‘What Men Want’ isn’t what anyone needs in a movie

By Chic DiCiccio

Taraji P. Henson in “What Men Want.”
Photo courtesy of BET Productions

How many movies would you pick for a remake before you got to 2000’s Mel Gibson-starring “What Women Want?” One hundred? Five thousand? One million? If someone has been counting towards that exact figure, your work here is done, my friend. 

On the surface, flipping the gender from “What Women Want” to “What Men Want” is pretty clever. There is comedy gold to be mined in watching a woman have her mind blown by the bizarre random thoughts from guys that she simply passes on the street. Of course, it all could fall flat on its face if the star and execution don’t mesh. 

It’s not quite pancake-flat, but “What Men Want” is extremely choppy with loads of filler, annoying characters and, for a raunchy R-rated movie, an overabundance of emotional schmaltz. Star Taraji P. Henson is game, and she is not phoning this one in, but as is usually the case with talented actors, the material lets her down. 

Henson portrays an Atlanta sports agent, Ali Davis. She’s hellbent on becoming a partner in her firm but feels like she’s being held back due to gender and racial politics. While that’s part of the reason, it’s mostly due to the fact that Ali is so power-hungry that she alienates her co-workers and peers, even those that support her such as her assistant, Brandon (Josh Brener).

It’s annoying and silly until Ali and her buddies have a sit down with a psychic named Sister (an absolute scene stealing Erykah Badu). Whether it’s the tea, pot or knock on the head, Ali wakes up after the night out and has been blessed with the “hear men’s thoughts” superpower. 

Initially, it’s slightly funny. It doesn’t last. Ali’s shock builds to nervous breakdown levels, but once she realizes she can take use these powers to her advantage, she quickly embraces the skill. 

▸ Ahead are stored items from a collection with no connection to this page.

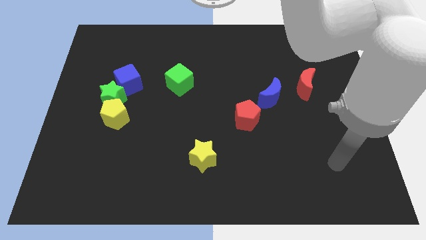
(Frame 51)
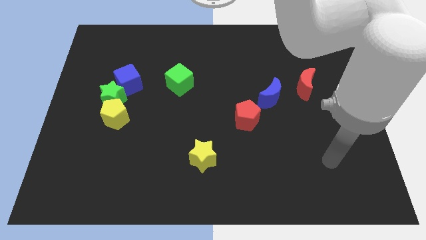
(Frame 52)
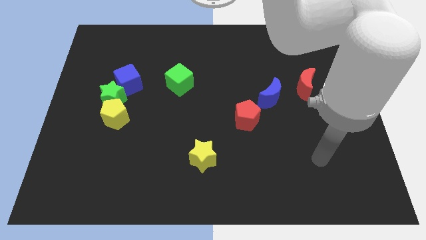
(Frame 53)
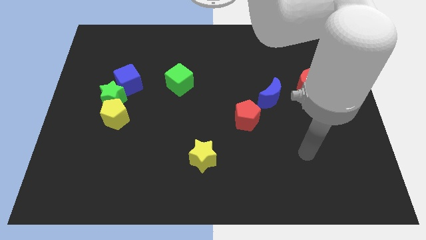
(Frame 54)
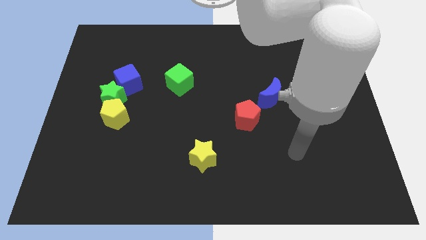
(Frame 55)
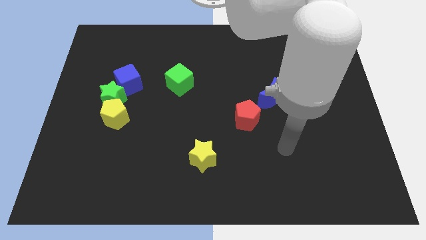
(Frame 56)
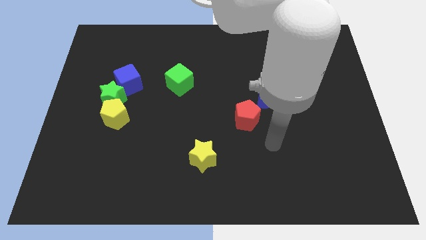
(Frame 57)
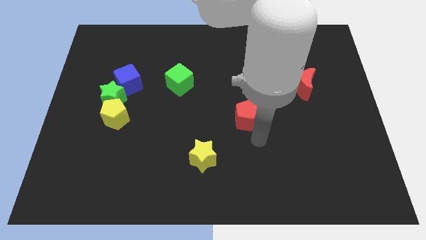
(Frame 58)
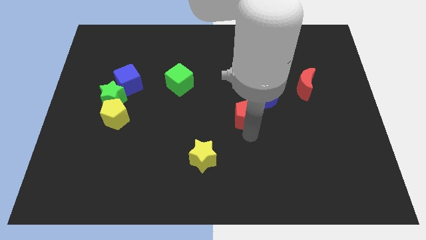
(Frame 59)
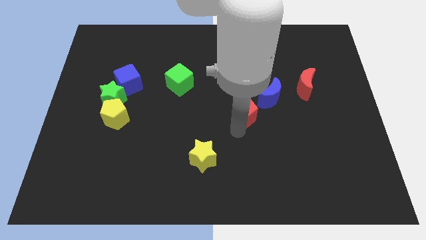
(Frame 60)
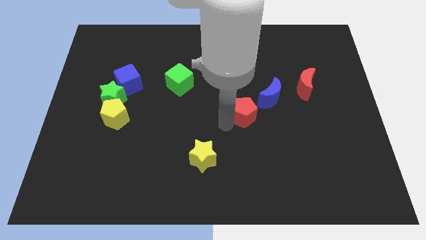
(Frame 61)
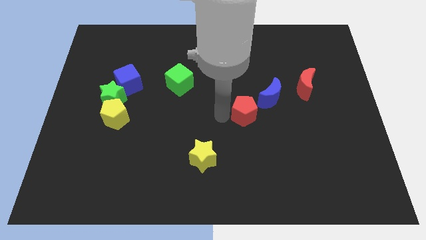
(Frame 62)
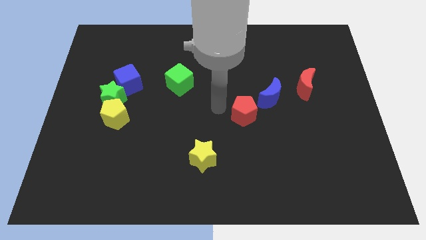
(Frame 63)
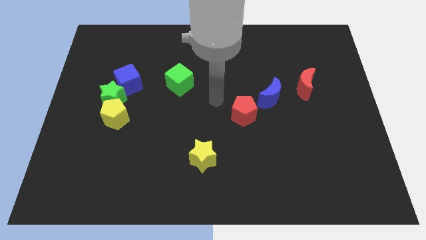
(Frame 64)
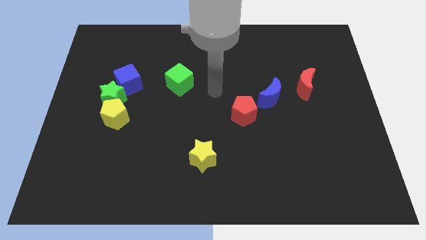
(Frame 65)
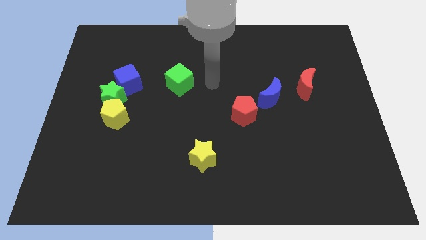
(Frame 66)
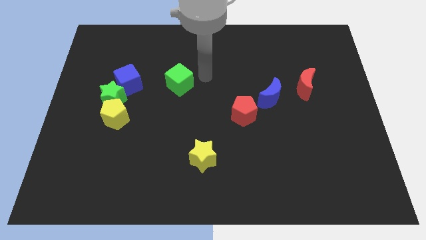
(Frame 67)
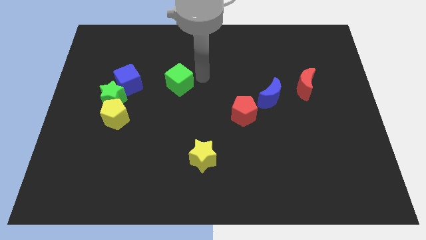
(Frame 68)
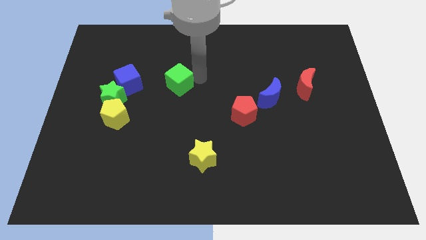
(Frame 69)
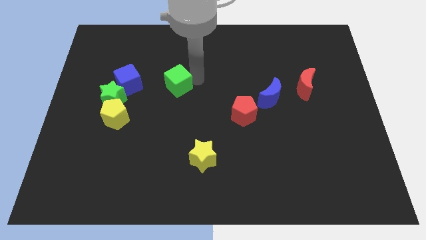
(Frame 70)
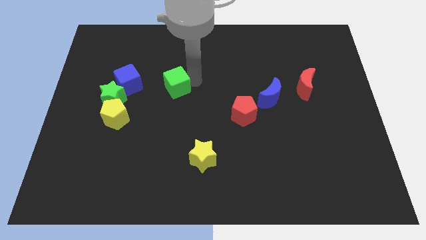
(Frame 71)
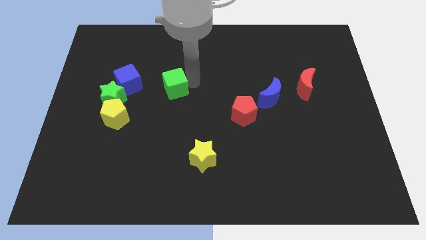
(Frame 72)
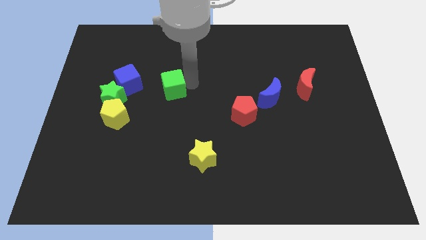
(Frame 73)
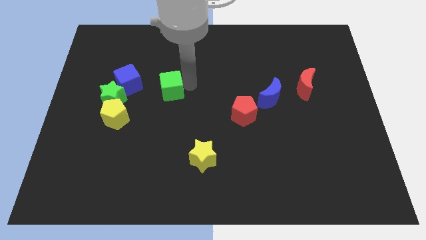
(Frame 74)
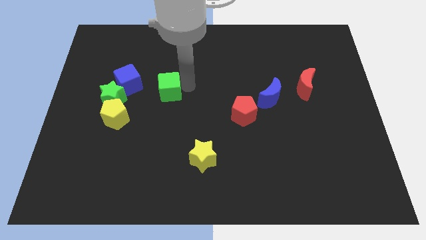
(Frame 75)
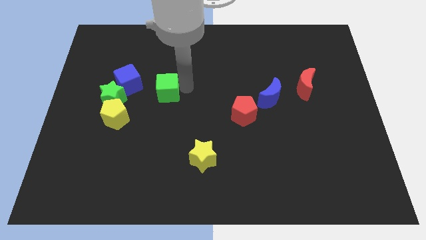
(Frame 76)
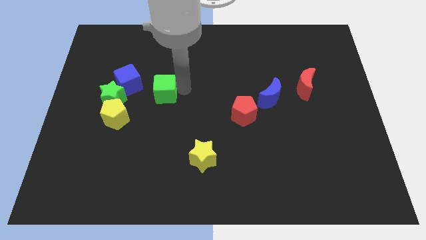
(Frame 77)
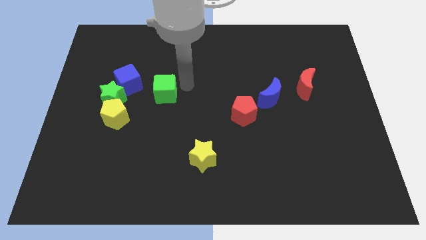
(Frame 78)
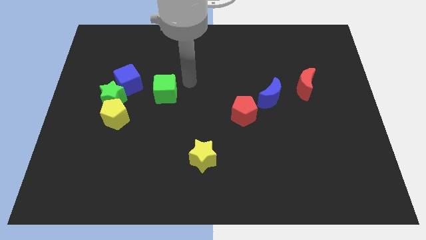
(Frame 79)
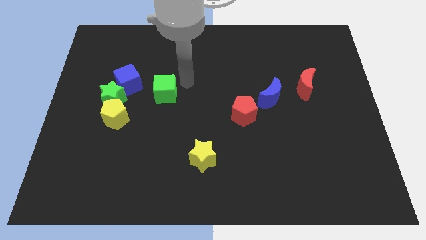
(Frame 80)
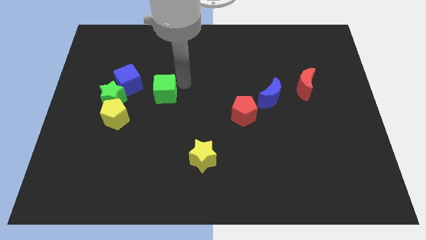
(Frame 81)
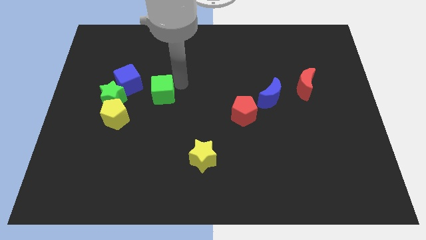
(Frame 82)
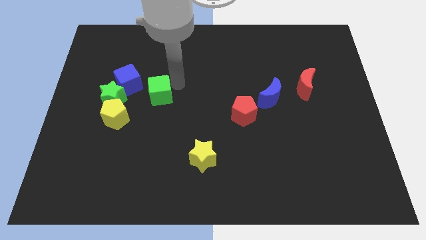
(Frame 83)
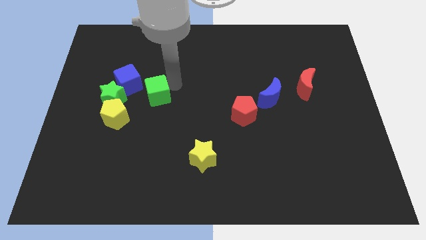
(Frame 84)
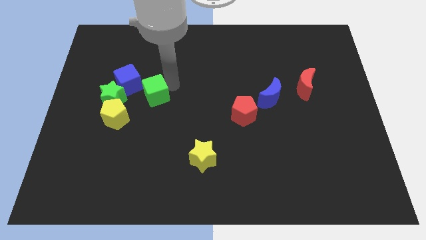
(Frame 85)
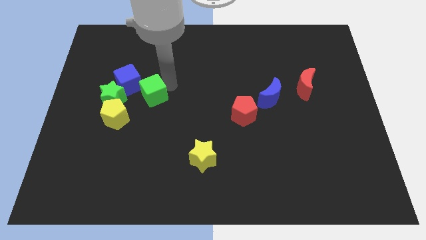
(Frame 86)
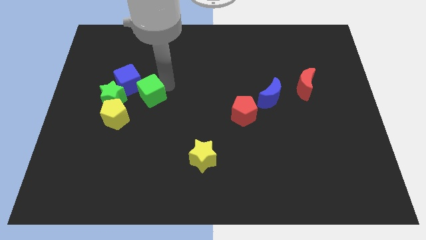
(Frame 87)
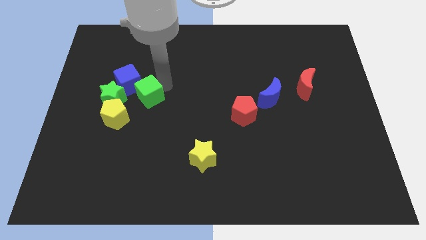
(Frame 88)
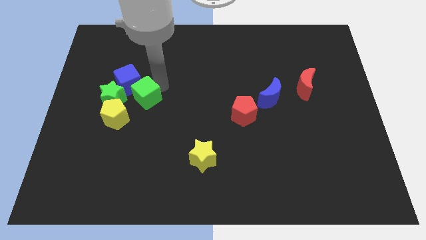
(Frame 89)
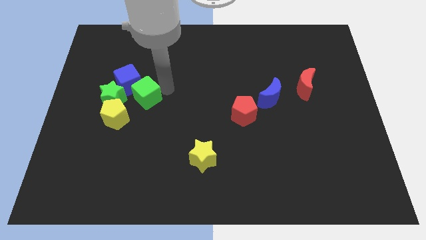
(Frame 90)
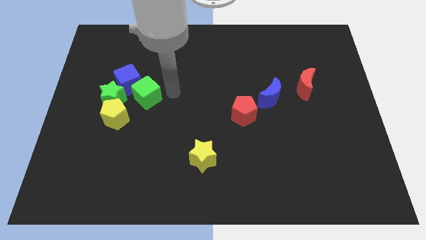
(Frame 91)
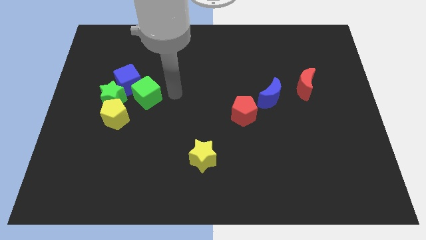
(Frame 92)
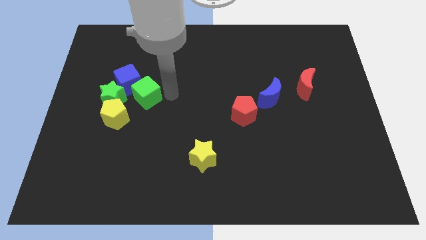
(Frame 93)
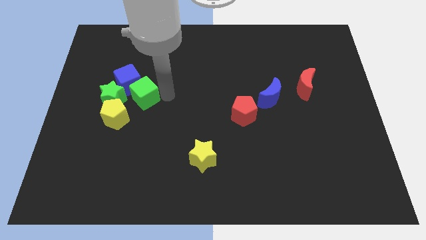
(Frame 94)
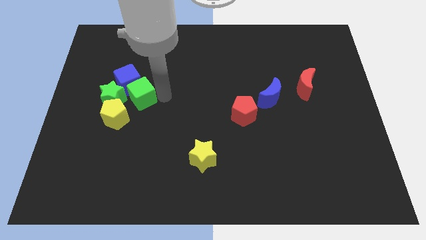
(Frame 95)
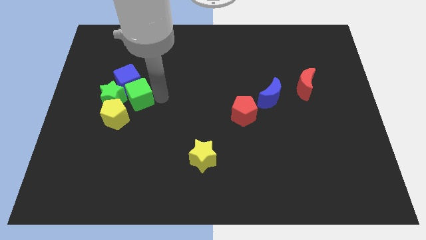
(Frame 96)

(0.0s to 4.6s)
slide the green cube close to the green star

Once Tracy Morgan shows up as the father of a future NBA superstar, “What Men Want” becomes grating. It gets even worse when Ali’s love interest, Will (Aldis Hodge), and his son are used as props to further her career. 

For every clever scene, such as Ali crashing an all-boys night poker game, there’s a dozen terrible ones. There are entire subplots involving Ali’s friends and one of her co-workers (played by Pete Davidson) that crush any building momentum and do nothing to advance the film. 

Oddly enough, Henson is at her best when she’s awkwardly stuttering or faking her way to the top of the corporate ladder. As soon as she has to act tough or get all lovey dovey, the entire movie suffers. Henson has some unexpected comedic chops and she elevates “What Men Want” to a much higher level than it deserves. 

At almost two hours long, “What Men Want” runs out of steam around the 90-minute mark. The last 30 minutes are painfully cheesy and written like a lame PG-13 crowd pleaser. It’s as if the script was rewritten to be a raunchfest, but this team of writers didn’t get to the last 30 pages. 

Henson definitely has what it takes to be a major movie star, but she’s surrounded by mediocrity this time out.